The one on the left reached into a bassinet and took out an infant who wasn’t crying. She looked asleep. The nurse held her so I could see her face. She did look perfect.

“Wouldn’t you love to have a daughter like that?” Mrs. Fennel asked.

I didn’t answer.

The laughter in the other room grew louder.

“Oh, come on,” Mrs. Fennel said. “They’re so anxious to see you.”

I followed her across the hallway and into a large living room. Five young women sat on settees. I didn’t recognize them from the pictures I had seen in Daddy’s closet, but when the fifth turned to me, I gasped.

It was Brianna.

“Hi, Lorelei. You have grown beautifully. She’s perfect, isn’t she, Mrs. Fennel?”

“Perfect.”

Ava, who was now sitting in a large cushioned chair on the right, continued to glare angrily at me. The four other women were as beautiful as Brianna, two with rich, radiant black hair and two with auburn. All of them, including Brianna, were dressed in black gowns very similar to the one Daddy had brought for me from Paris. Ava laughed at the expression of surprise that I was sure I wore.
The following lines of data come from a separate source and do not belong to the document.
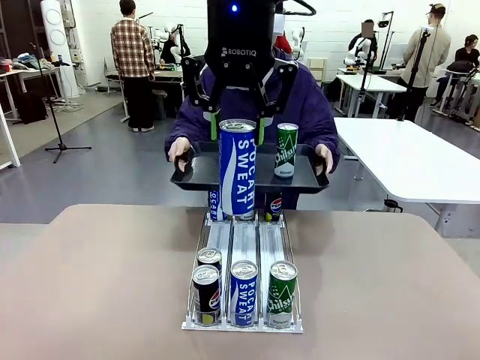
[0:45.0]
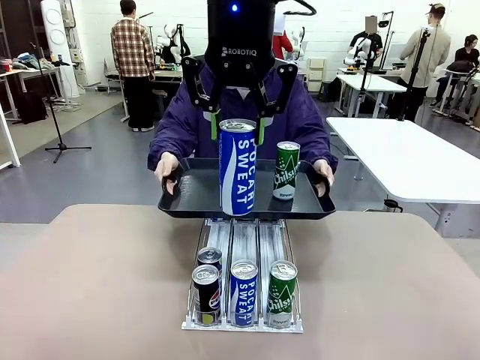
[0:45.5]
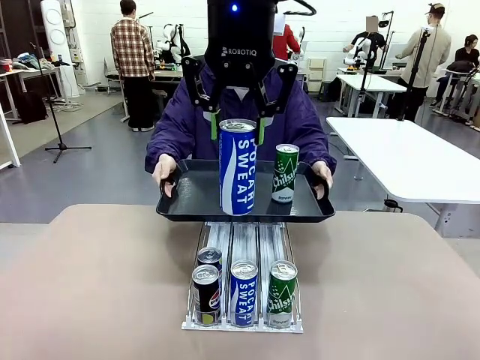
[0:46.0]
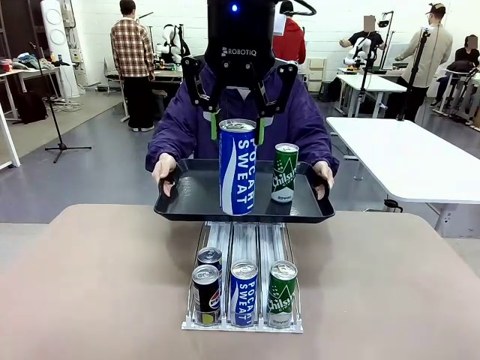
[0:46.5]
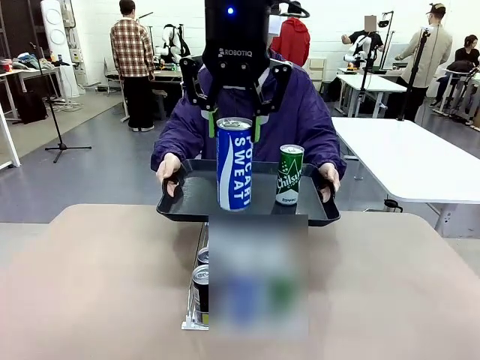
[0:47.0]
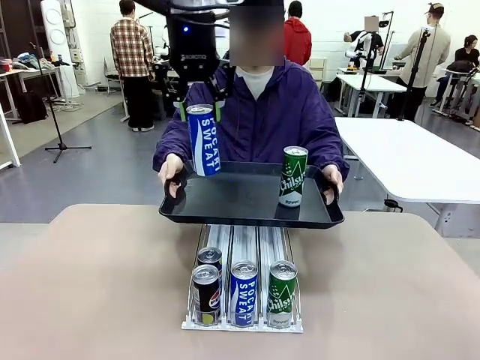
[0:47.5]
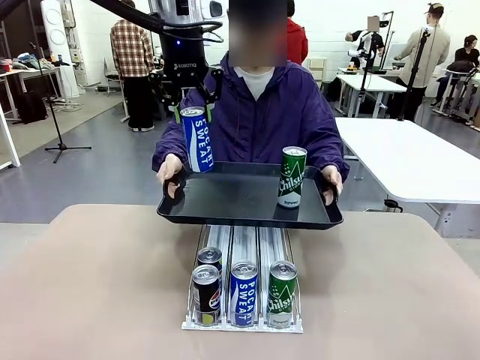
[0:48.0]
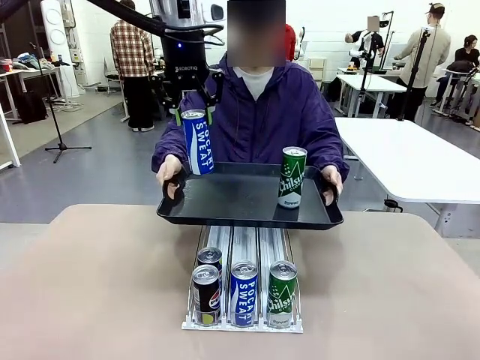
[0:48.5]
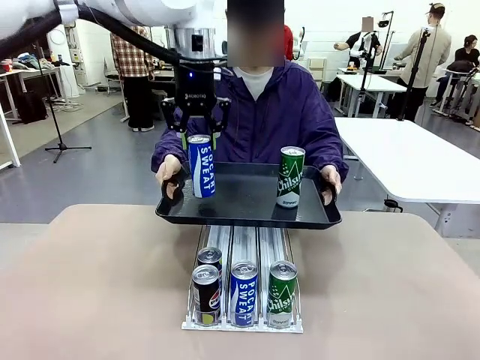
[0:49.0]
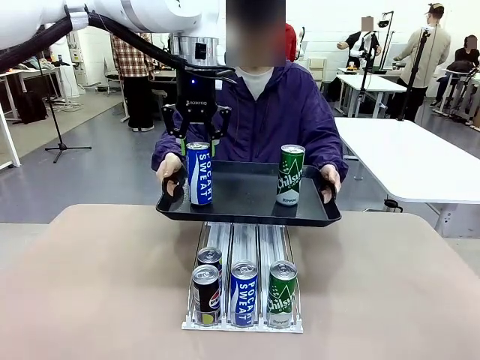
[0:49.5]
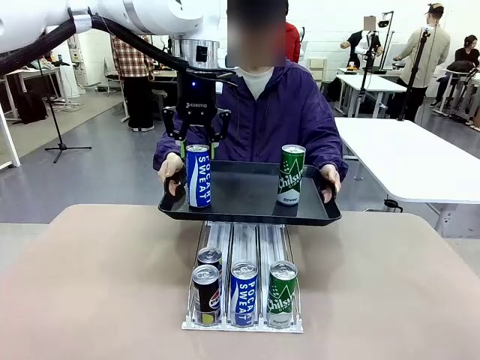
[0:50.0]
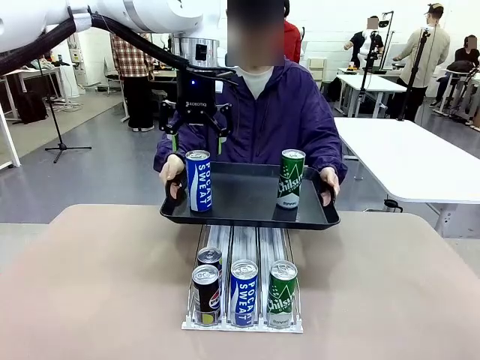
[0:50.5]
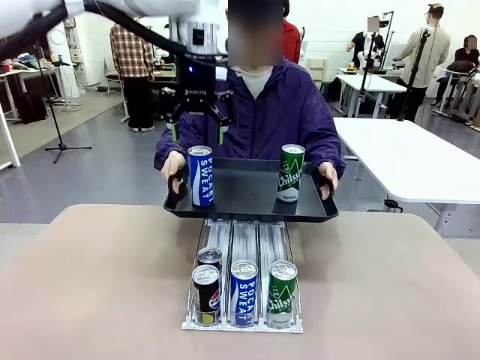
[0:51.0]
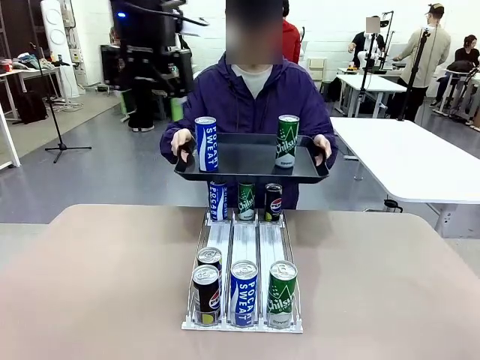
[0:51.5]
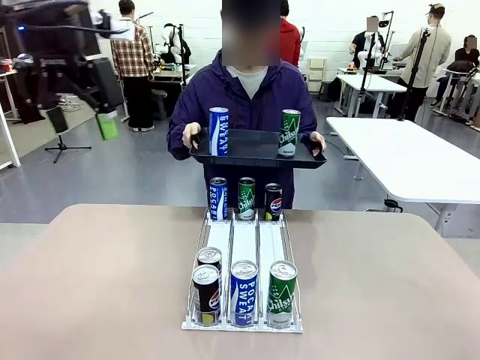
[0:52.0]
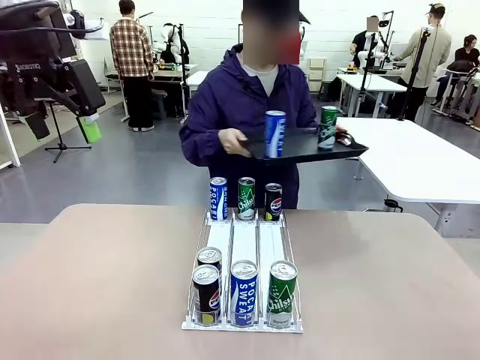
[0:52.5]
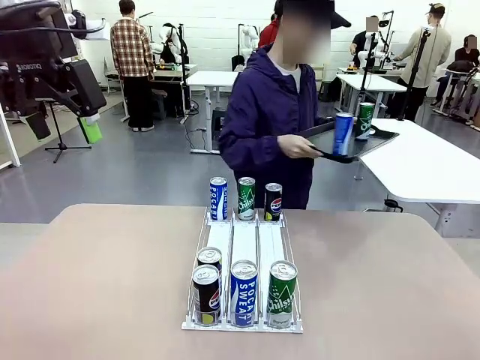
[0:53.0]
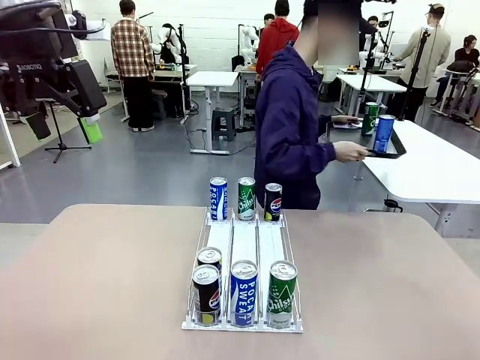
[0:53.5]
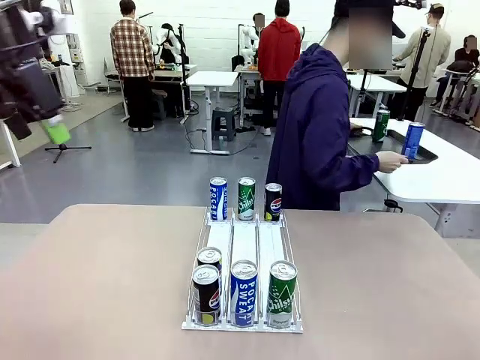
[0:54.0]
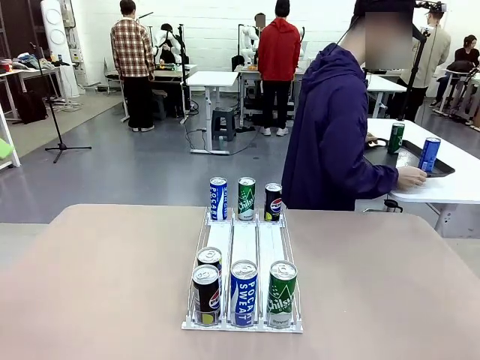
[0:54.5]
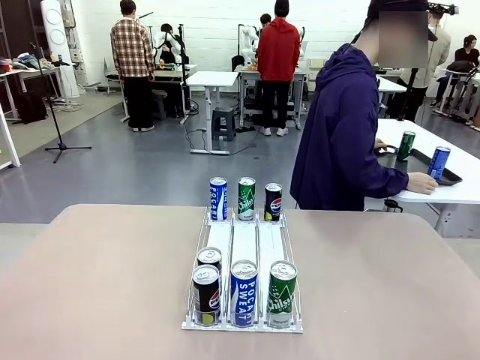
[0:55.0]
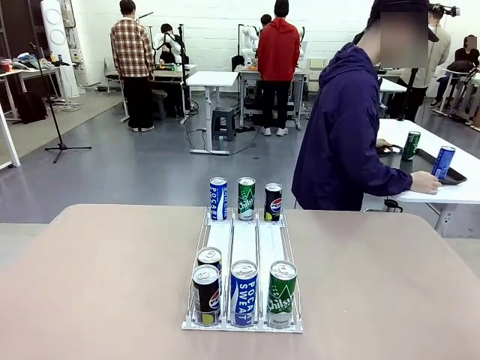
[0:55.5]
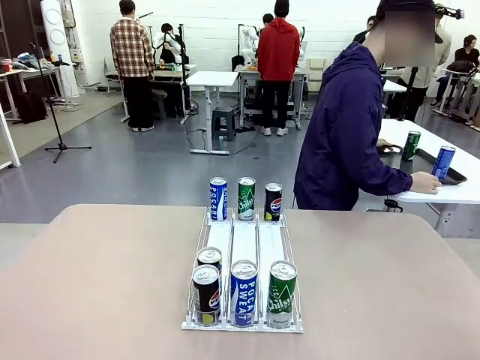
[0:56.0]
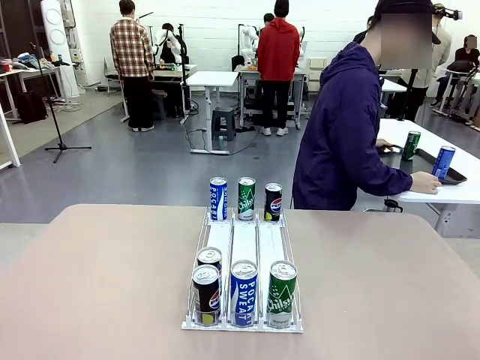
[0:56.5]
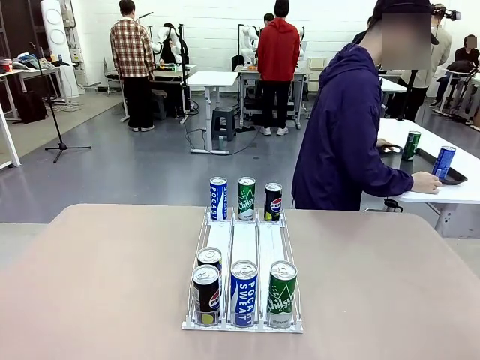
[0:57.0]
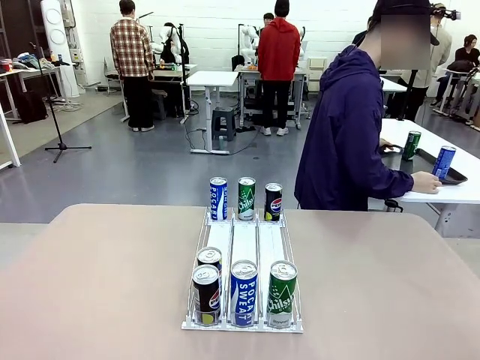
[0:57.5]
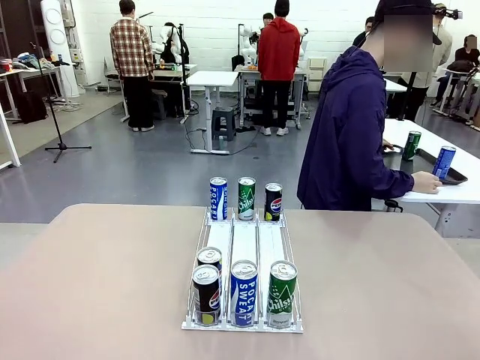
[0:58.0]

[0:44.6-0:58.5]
Task: Retrieve and hand over the desired beverage to the person.
Robot: Place the picked can on the Handle tray extended by the person.
Person: Pull the tray back and place it at the center of the human table.

“Dresses look familiar?” she asked. Her expression soured again. “I didn’t wear mine tonight. Thanks to you.”

“Ava,” Mrs. Fennel said with a tone of warning. She smiled again and nodded at one of the women with black hair. “This is Sophie, Ava’s mother. Don’t they look more like sisters?”

“I thought… she died in childbirth,” I said.

“You weren’t ready for this sort of truth when we told you that story, Lorelei,” Mrs. Fennel said.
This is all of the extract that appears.